> **Task item**: The answer must consist of every line below that holds the word "clipPath".

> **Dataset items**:
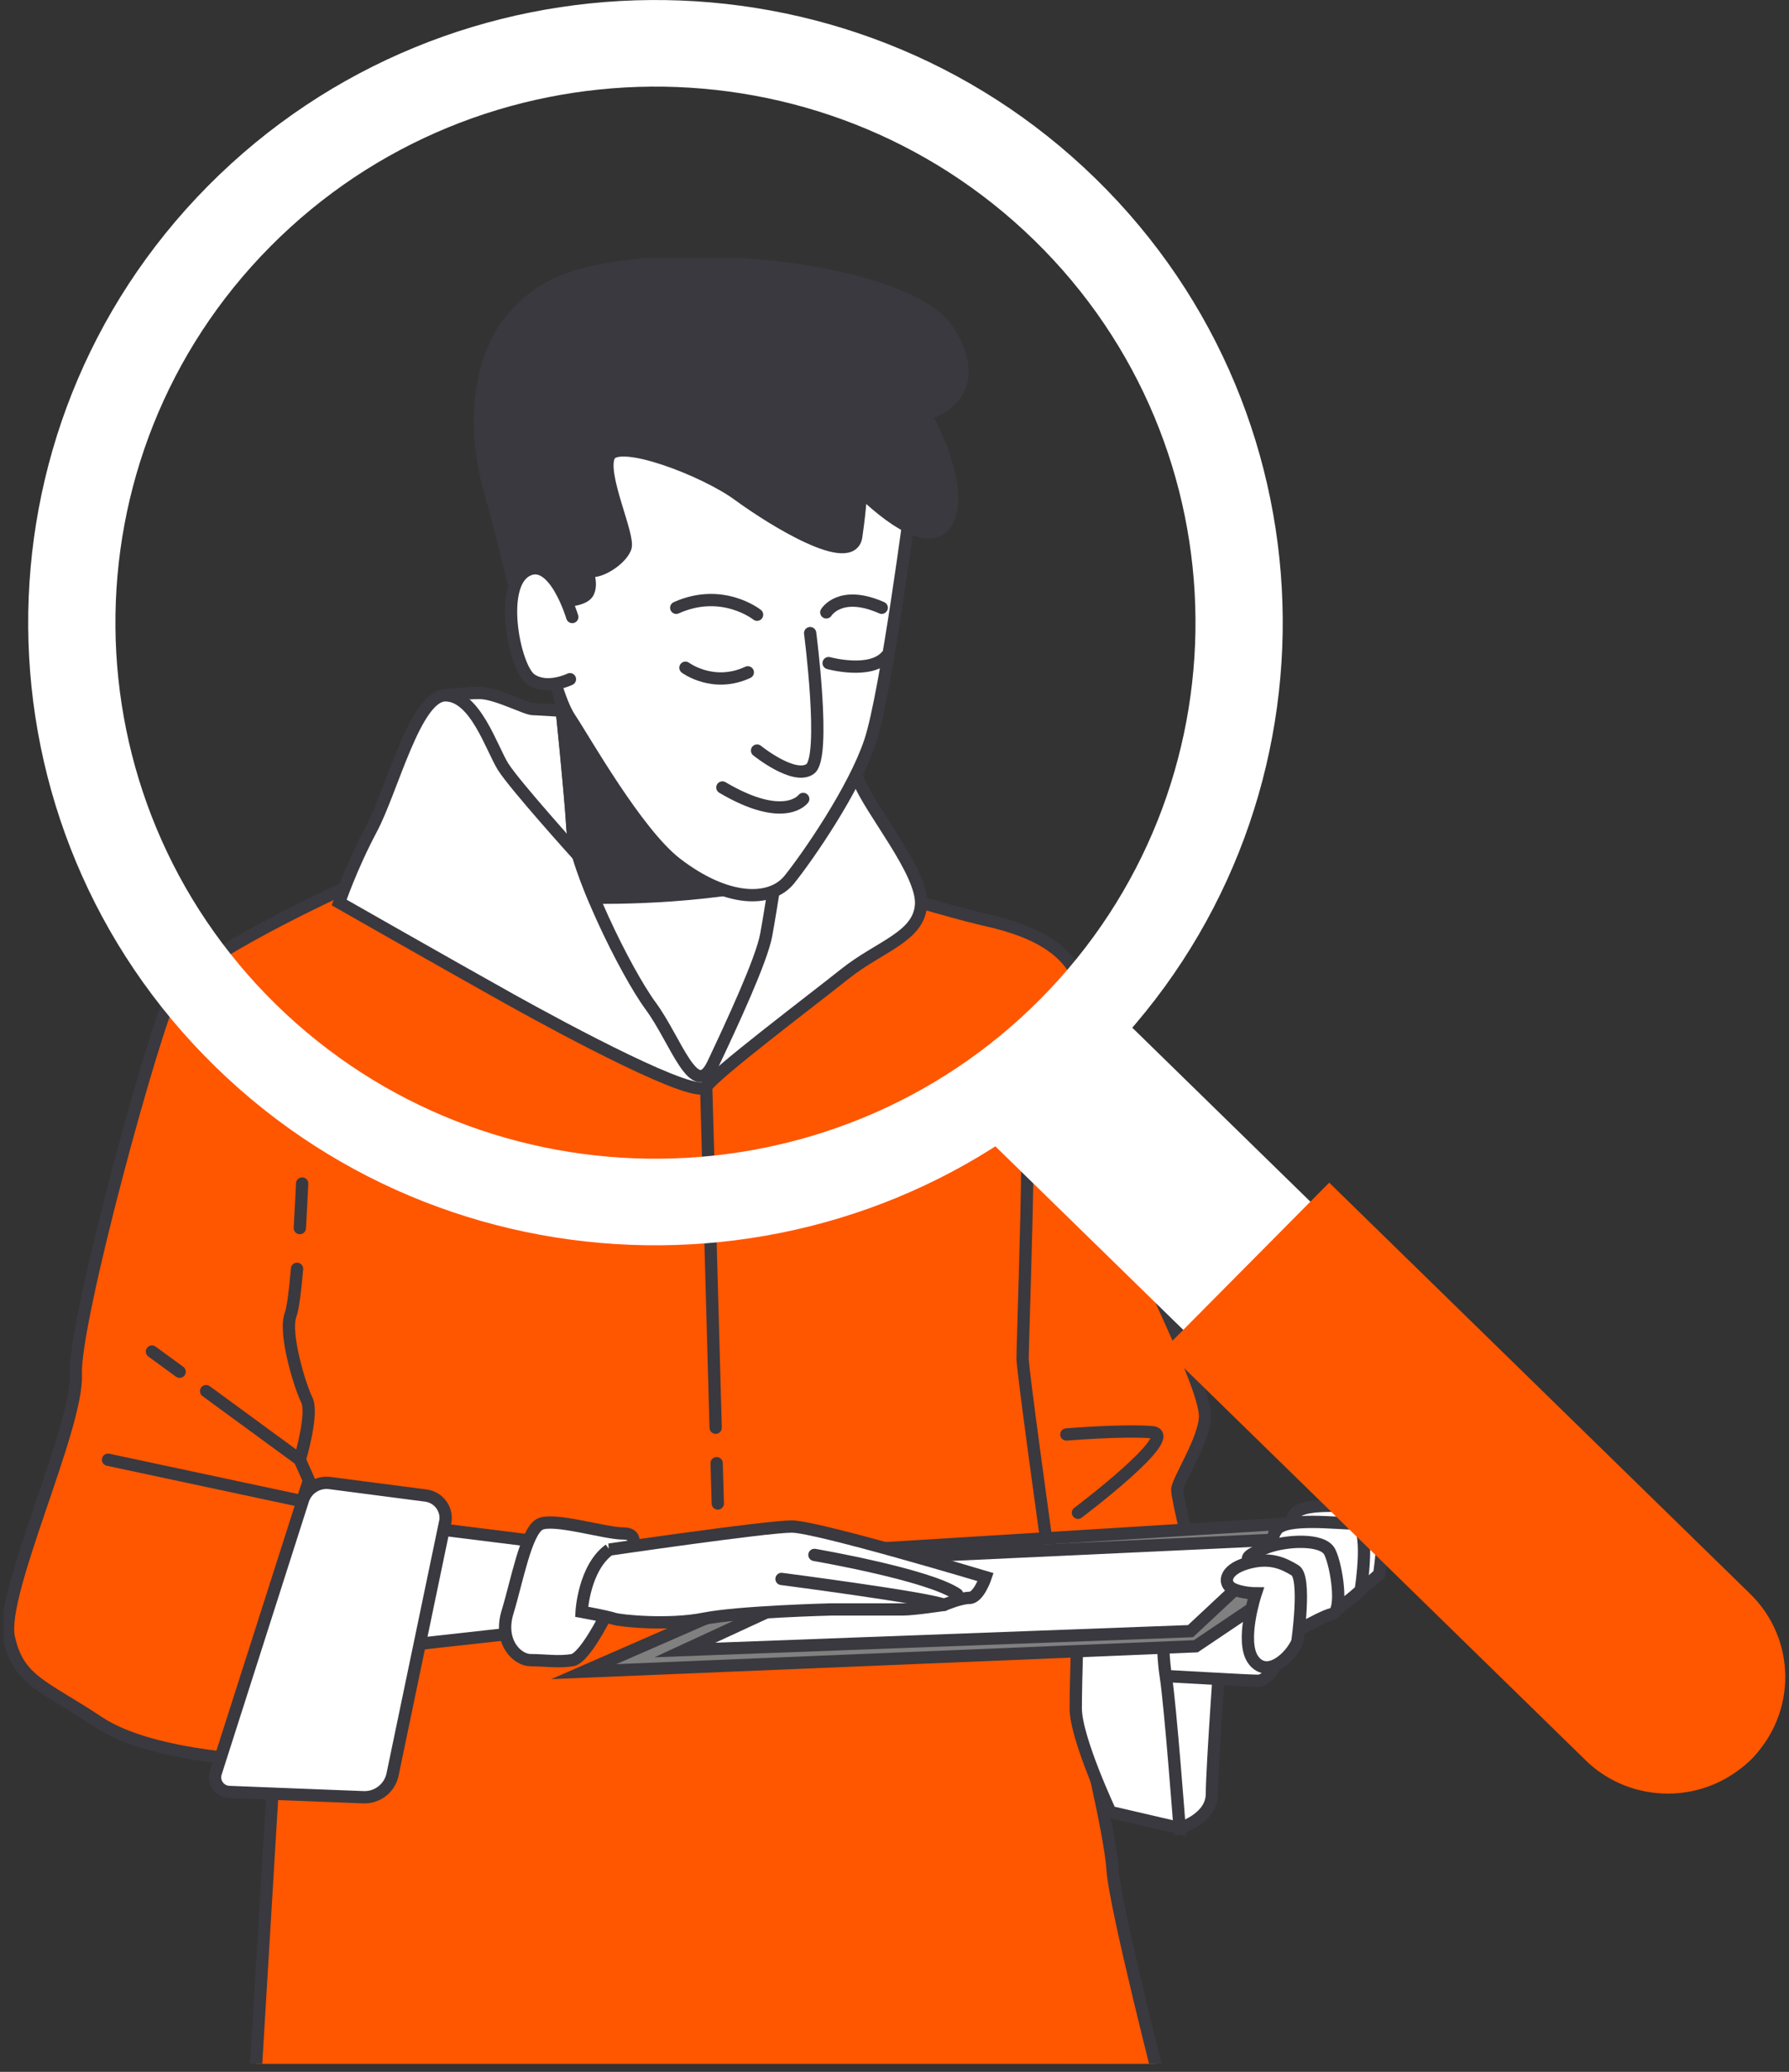 <svg width="120" height="139" viewBox="0 0 120 139" fill="none" xmlns="http://www.w3.org/2000/svg">
<rect x="0" y="0" width="120" height="139" fill="#333333" stroke="none"/>
<g clip-path="url(#clip0_422_1041)">
<path d="M48.799 142.556L61.672 176.342C61.672 176.342 60.708 177.684 61.48 178.639C62.246 179.6 63.018 180.173 63.018 180.173C63.018 180.173 60.523 186.499 62.054 188.224C63.593 189.949 68.781 190.522 71.474 191.483C74.167 192.444 79.356 191.292 80.122 188.994C80.888 186.696 80.888 181.134 80.888 180.179C80.888 179.224 80.313 175.387 79.924 173.853C79.541 172.319 74.353 138.396 74.353 138.396L48.793 142.562L48.799 142.556Z" fill="#808080" stroke="#39393F" stroke-width="0.824" stroke-miterlimit="10" stroke-linecap="round"/>
<path d="M74.36 138.39L48.801 142.556L51.913 150.72L75.258 144.269C74.719 140.759 74.354 138.39 74.354 138.39H74.36Z" fill="#39393F"/>
<path d="M23.36 59.467C23.36 59.467 12.828 64.254 11.589 66.575C10.35 68.891 4.928 88.663 5.084 92.22C5.239 95.771 -0.027 106.896 0.589 109.832C1.212 112.769 2.911 113.079 6.628 115.55C10.344 118.021 18.399 118.176 18.399 118.176L17.005 141.344C17.005 141.344 31.565 145.671 35.126 146.131C38.686 146.596 47.364 148.291 47.364 148.291L51.236 148.757L51.391 144.126L53.869 148.608C53.869 148.608 54.336 147.838 60.685 146.447C67.035 145.057 71.84 142.741 72.923 142.275C74.007 141.81 78.034 140.574 78.034 140.574C78.034 140.574 74.779 127.91 74.629 125.433C74.473 122.962 72.618 115.395 72.618 115.395L73.546 105.971L80.051 104.891C80.051 104.891 78.968 100.564 78.968 99.949C78.968 99.334 80.829 96.553 80.829 95.007C80.829 93.462 78.507 88.675 77.424 86.204C76.341 83.734 74.635 78.482 74.635 77.246C74.635 76.011 73.396 69.834 72.624 66.432C71.852 63.036 67.825 62.105 65.808 61.645C63.797 61.18 58.68 59.64 58.68 59.64L27.394 58.249L23.366 59.485L23.36 59.467Z" fill="#FF5600" stroke="#39393F" stroke-width="0.824" stroke-miterlimit="10" stroke-linecap="round"/>
<path d="M29.867 46.647C29.867 46.647 31.105 46.492 32.189 46.492C33.272 46.492 35.288 47.572 35.749 47.572C36.21 47.572 40.393 47.882 41.638 47.882C42.883 47.882 45.821 48.652 47.527 49.118C49.232 49.583 56.354 50.819 56.976 51.589C57.599 52.358 56.204 54.835 55.893 55.45C55.582 56.071 53.882 59.001 53.26 61.012C52.638 63.018 45.205 64.719 44.588 64.874C43.966 65.029 43.966 64.563 40.094 62.093C36.222 59.622 33.278 55.76 32.039 54.37C30.8 52.979 27.856 47.572 29.873 46.647H29.867Z" fill="white" stroke="#39393F" stroke-width="0.824" stroke-miterlimit="10" stroke-linecap="round"/>
<path d="M38.699 57.307C38.699 57.307 34.516 52.669 33.743 51.434C32.971 50.199 31.882 46.648 29.872 46.648C27.861 46.648 26.311 52.98 24.916 55.606C23.522 58.232 22.75 60.547 22.75 60.547C22.75 60.547 30.338 64.874 34.21 67.035C38.082 69.195 46.76 73.832 47.376 72.907C47.998 71.982 54.348 67.19 56.67 65.34C58.992 63.484 61.625 62.869 61.781 60.709C61.936 58.548 58.376 54.376 57.597 52.365C56.825 50.36 54.964 54.221 54.342 54.836C53.72 55.456 49.542 57.151 49.542 57.151L38.699 57.307Z" fill="white" stroke="#39393F" stroke-width="0.824" stroke-miterlimit="10" stroke-linecap="round"/>
<path d="M37.303 44.021C37.303 44.021 38.23 52.669 38.386 55.45C38.542 58.232 41.947 65.184 43.652 67.5C45.358 69.816 46.597 73.987 47.836 71.362C49.074 68.736 51.091 64.409 51.396 62.714C51.708 61.013 52.324 56.996 52.324 56.996C52.324 56.996 45.508 53.905 42.719 50.509C39.93 47.113 38.075 43.245 37.297 44.021H37.303Z" fill="white" stroke="#39393F" stroke-width="0.824" stroke-miterlimit="10" stroke-linecap="round"/>
<path d="M51.398 58.852L37.49 45.752C37.772 48.426 38.28 53.457 38.394 55.456C38.454 56.566 39.04 58.345 39.824 60.225C41.757 60.243 44.306 60.177 47.053 59.885C52.852 59.264 51.404 58.852 51.404 58.852H51.398Z" fill="#39393F" stroke="#39393F" stroke-width="0.824" stroke-miterlimit="10" stroke-linecap="round"/>
<path d="M61.159 33.362C61.159 33.362 59.453 46.492 58.37 49.739C57.287 52.986 54.187 57.462 52.948 59.007C51.709 60.553 48.765 60.553 45.36 57.927C42.709 55.886 39.166 49.584 38.232 48.193C37.299 46.803 36.527 43.096 35.599 39.545C34.672 35.994 34.977 30.121 36.838 27.34C38.699 24.559 42.26 23.789 46.599 24.714C50.937 25.639 61.159 33.362 61.159 33.362Z" fill="white" stroke="#39393F" stroke-width="0.824" stroke-miterlimit="10" stroke-linecap="round"/>
<path d="M54.342 42.476C54.342 42.476 55.425 50.819 54.342 51.589C53.259 52.359 50.781 50.354 50.781 50.354" stroke="#39393F" stroke-width="0.824" stroke-miterlimit="10" stroke-linecap="round"/>
<path d="M53.877 53.6C53.877 53.6 52.638 55.301 48.455 52.831" stroke="#39393F" stroke-width="0.824" stroke-miterlimit="10" stroke-linecap="round"/>
<path d="M45.977 44.797C45.977 44.797 47.838 46.188 50.16 45.107" stroke="#39393F" stroke-width="0.824" stroke-miterlimit="10" stroke-linecap="round"/>
<path d="M50.781 41.24C50.781 41.24 48.459 39.384 45.359 40.775" stroke="#39393F" stroke-width="0.824" stroke-miterlimit="10" stroke-linecap="round"/>
<path d="M55.582 44.487C55.582 44.487 58.371 45.257 59.454 44.022" stroke="#39393F" stroke-width="0.824" stroke-miterlimit="10" stroke-linecap="round"/>
<path d="M55.426 41.084C55.426 41.084 56.353 39.539 59.142 40.774" stroke="#39393F" stroke-width="0.824" stroke-miterlimit="10" stroke-linecap="round"/>
<path d="M36.991 40.315C36.991 40.315 39.158 40.47 39.469 39.694C39.78 38.925 39.158 38.304 39.78 38.304C40.402 38.304 41.641 37.534 41.946 36.758C42.258 35.988 40.241 31.816 40.863 30.581C41.486 29.346 47.213 31.506 49.535 33.207C51.857 34.908 57.123 38.149 57.434 35.988C57.745 33.828 57.745 32.897 57.745 32.897C57.745 32.897 62.084 37.379 63.478 35.057C64.873 32.742 62.084 27.794 62.084 27.794C62.084 27.794 66.423 26.714 63.634 22.232C60.845 17.761 43.496 16.216 37.458 18.997C31.42 21.778 31.725 28.886 32.814 32.748C33.897 36.609 34.675 40.16 34.675 40.16L36.997 40.315H36.991Z" fill="#39393F" stroke="#39393F" stroke-width="0.824" stroke-miterlimit="10" stroke-linecap="round"/>
<path d="M38.386 41.395C38.386 41.395 37.147 37.223 35.286 38.304C33.425 39.384 34.514 44.791 35.597 45.567C36.68 46.337 38.23 45.567 38.23 45.567" fill="white"/>
<path d="M38.386 41.395C38.386 41.395 37.147 37.223 35.286 38.304C33.425 39.384 34.514 44.791 35.597 45.567C36.68 46.337 38.23 45.567 38.23 45.567" stroke="#39393F" stroke-width="0.824" stroke-miterlimit="10" stroke-linecap="round"/>
<path d="M79.124 122.652C79.124 122.652 81.291 122.031 81.291 120.337C81.291 118.642 81.913 109.988 81.913 109.988C81.913 109.988 78.352 107.207 77.419 107.207C76.485 107.207 79.124 122.652 79.124 122.652Z" fill="white" stroke="#39393F" stroke-width="0.824" stroke-miterlimit="10" stroke-linecap="round"/>
<path d="M85.939 111.062C85.939 111.062 85.168 112.763 84.389 112.763C83.612 112.763 78.656 112.452 78.196 112.452C77.735 112.452 77.112 109.206 77.729 108.746C78.351 108.281 84.234 106.89 84.234 106.89C84.234 106.89 86.556 107.045 86.095 107.97C85.634 108.895 85.939 111.062 85.939 111.062Z" fill="white" stroke="#39393F" stroke-width="0.824" stroke-miterlimit="10" stroke-linecap="round"/>
<path d="M78.041 107.821C78.041 107.821 77.885 110.447 78.197 112.452C78.508 114.458 79.124 122.646 79.124 122.646L74.48 121.566C74.48 121.566 72.158 116.624 72.158 114.613C72.158 112.601 72.314 108.436 72.314 108.436L78.047 107.815L78.041 107.821Z" fill="white" stroke="#39393F" stroke-width="0.824" stroke-miterlimit="10" stroke-linecap="round"/>
<path d="M57.901 103.959L93.066 101.793L80.206 110.447L39.158 112.148L57.901 103.959Z" fill="#808080" stroke="#39393F" stroke-width="0.824" stroke-miterlimit="10" stroke-linecap="round"/>
<path d="M86.468 103.255L79.855 109.432L45.941 110.697L59.311 104.52L86.468 103.255Z" fill="white" stroke="#39393F" stroke-width="0.824" stroke-miterlimit="10" stroke-linecap="round"/>
<path d="M20.111 82.39C20.207 80.743 20.267 79.4 20.267 79.4" stroke="#39393F" stroke-width="0.824" stroke-miterlimit="10" stroke-linecap="round"/>
<path d="M13.826 93.33L20.11 97.932C20.11 97.932 21.037 94.84 20.577 93.915C20.116 92.99 19.027 89.433 19.494 88.198C19.655 87.762 19.805 86.532 19.924 85.124" stroke="#39393F" stroke-width="0.824" stroke-miterlimit="10" stroke-linecap="round"/>
<path d="M10.193 90.674L12.049 92.029" stroke="#39393F" stroke-width="0.824" stroke-miterlimit="10" stroke-linecap="round"/>
<path d="M20.109 97.932L20.725 99.322L20.264 100.713L7.248 97.932" stroke="#39393F" stroke-width="0.824" stroke-miterlimit="10" stroke-linecap="round"/>
<path d="M48.07 98.165L48.148 100.868" stroke="#39393F" stroke-width="0.824" stroke-miterlimit="10" stroke-linecap="round"/>
<path d="M47.369 72.907L48.004 95.783" stroke="#39393F" stroke-width="0.824" stroke-miterlimit="10" stroke-linecap="round"/>
<path d="M92.51 105.613C92.51 105.613 93.234 101.131 92.073 101.131C90.912 101.131 87.435 100.695 86.854 101.567C86.274 102.432 86.854 102.868 87.578 102.868H89.17L89.457 104.891C89.457 104.891 89.314 106.914 89.894 107.206C90.475 107.493 92.504 105.619 92.504 105.619L92.51 105.613Z" fill="white" stroke="#39393F" stroke-width="0.824" stroke-miterlimit="10" stroke-linecap="round"/>
<path d="M91.271 106.693C91.271 106.693 91.995 102.211 90.834 102.211C89.673 102.211 86.196 101.775 85.616 102.647C85.035 103.512 85.616 103.948 86.34 103.948H87.932L88.219 105.971C88.219 105.971 88.076 107.994 88.656 108.287C89.237 108.573 91.265 106.699 91.265 106.699L91.271 106.693Z" fill="white" stroke="#39393F" stroke-width="0.824" stroke-miterlimit="10" stroke-linecap="round"/>
<path d="M85.478 110.292C85.478 110.292 88.578 108.435 89.35 108.286C90.122 108.131 89.661 105.04 89.194 104.115C88.728 103.189 86.25 103.345 85.011 103.804C83.772 104.264 83.306 104.574 84.084 104.884C84.856 105.195 85.789 105.654 85.789 105.654L86.1 107.97L85.478 110.286V110.292Z" fill="white" stroke="#39393F" stroke-width="0.824" stroke-miterlimit="10" stroke-linecap="round"/>
<path d="M87.023 110.137C87.023 110.137 87.645 105.81 86.867 105.351C86.095 104.885 85.162 104.425 83.612 104.885C82.062 105.351 82.062 106.276 82.684 106.586C83.306 106.896 84.234 106.896 84.234 106.896C84.234 106.896 83.151 110.143 84.079 111.378C85.006 112.614 86.556 111.223 87.023 110.143V110.137Z" fill="white" stroke="#39393F" stroke-width="0.824" stroke-miterlimit="10" stroke-linecap="round"/>
<path d="M68.9 74.017V70.591" stroke="#39393F" stroke-width="0.824" stroke-miterlimit="10" stroke-linecap="round"/>
<path d="M70.142 103.035C70.142 103.035 68.592 91.91 68.592 91.14C68.592 90.37 68.903 81.406 68.903 78.32V76.9" stroke="#39393F" stroke-width="0.824" stroke-miterlimit="10" stroke-linecap="round"/>
<path d="M72.307 101.489C72.307 101.489 79.279 96.237 77.262 96.082C75.252 95.926 71.529 96.237 71.529 96.237" stroke="#39393F" stroke-width="0.824" stroke-miterlimit="10" stroke-linecap="round"/>
<path d="M36.685 103.494L28.014 102.414L26.619 110.447L36.38 109.366L36.685 103.494Z" fill="white" stroke="#39393F" stroke-width="0.824" stroke-miterlimit="10" stroke-linecap="round"/>
<path d="M42.261 104.114C42.261 104.114 43.033 102.879 41.794 102.879C40.556 102.879 37.15 101.798 36.217 102.258C35.283 102.717 34.667 106.119 34.05 108.131C33.428 110.136 34.673 111.377 35.6 111.377C36.528 111.377 37.462 111.532 38.389 111.377C39.317 111.222 41.022 107.671 41.178 107.205C41.334 106.74 42.261 104.114 42.261 104.114Z" fill="white" stroke="#39393F" stroke-width="0.824" stroke-miterlimit="10" stroke-linecap="round"/>
<path d="M40.867 103.959C40.867 103.959 51.4 102.414 53.105 102.414C54.811 102.414 66.115 105.809 66.115 105.809C66.115 105.809 65.649 107.2 65.032 107.2C64.416 107.2 63.327 107.666 63.327 107.666C63.327 107.666 61.316 107.976 60.538 107.976H55.738C55.738 107.976 49.544 108.131 47.216 108.597C44.889 109.062 41.639 108.752 41.178 108.597C40.717 108.441 39.012 108.131 39.012 108.131C39.012 108.131 39.167 105.195 40.873 103.959H40.867Z" fill="white" stroke="#39393F" stroke-width="0.824" stroke-miterlimit="10" stroke-linecap="round"/>
<path d="M29.849 102.157L26.33 119.053C26.139 119.966 25.313 120.61 24.379 120.575L15.379 120.222C14.726 120.199 14.271 119.554 14.475 118.933L20.322 100.635C20.567 99.871 21.321 99.394 22.117 99.495L28.568 100.336C29.442 100.45 30.04 101.285 29.861 102.145L29.849 102.157Z" fill="white" stroke="#39393F" stroke-width="0.824" stroke-miterlimit="10" stroke-linecap="round"/>
<path d="M52.422 105.929C52.422 105.929 62.153 107.194 63.326 107.665" stroke="#39393F" stroke-width="0.824" stroke-miterlimit="10" stroke-linecap="round"/>
<path d="M54.629 104.317C54.629 104.317 62.289 105.636 64.204 106.961" stroke="#39393F" stroke-width="0.824" stroke-miterlimit="10" stroke-linecap="round"/>
</g>
<g clip-path="url(#clip1_422_1041)">
<path d="M108.89 118.063L65.408 75.58L73.933 66.977L117.414 109.46C119.807 111.799 119.838 115.616 117.482 117.995C115.127 120.37 111.282 120.402 108.885 118.063H108.89Z" fill="white"/>
<path d="M106.344 118.081L78.106 90.492L89.159 79.343L117.397 106.932C120.498 109.96 120.538 114.913 117.488 117.996C114.438 121.074 109.449 121.114 106.344 118.086V118.081Z" fill="#FF5600"/>
<path d="M14.441 71.56C-2.105 55.395 -2.318 28.883 13.964 12.461C30.246 -3.965 56.951 -4.177 73.492 11.988C90.037 28.153 90.251 54.665 73.969 71.087C57.686 87.513 30.982 87.725 14.441 71.56ZM69.388 16.13C55.144 2.213 32.153 2.398 18.136 16.535C4.118 30.672 4.305 53.502 18.544 67.419C32.788 81.335 55.78 81.15 69.797 67.013C83.814 52.871 83.628 30.046 69.388 16.13Z" fill="white"/>
</g>
<defs>
<clipPath id="clip0_422_1041">
<rect width="93.956" height="121.154" fill="white" transform="translate(0.242 17.308)"/>
</clipPath>
<clipPath id="clip1_422_1041">
<rect width="117.857" height="120.33" fill="white" transform="translate(1.891)"/>
</clipPath>
</defs>
</svg>

> **Written answer**:
<clipPath id="clip0_422_1041">
</clipPath>
<clipPath id="clip1_422_1041">
</clipPath>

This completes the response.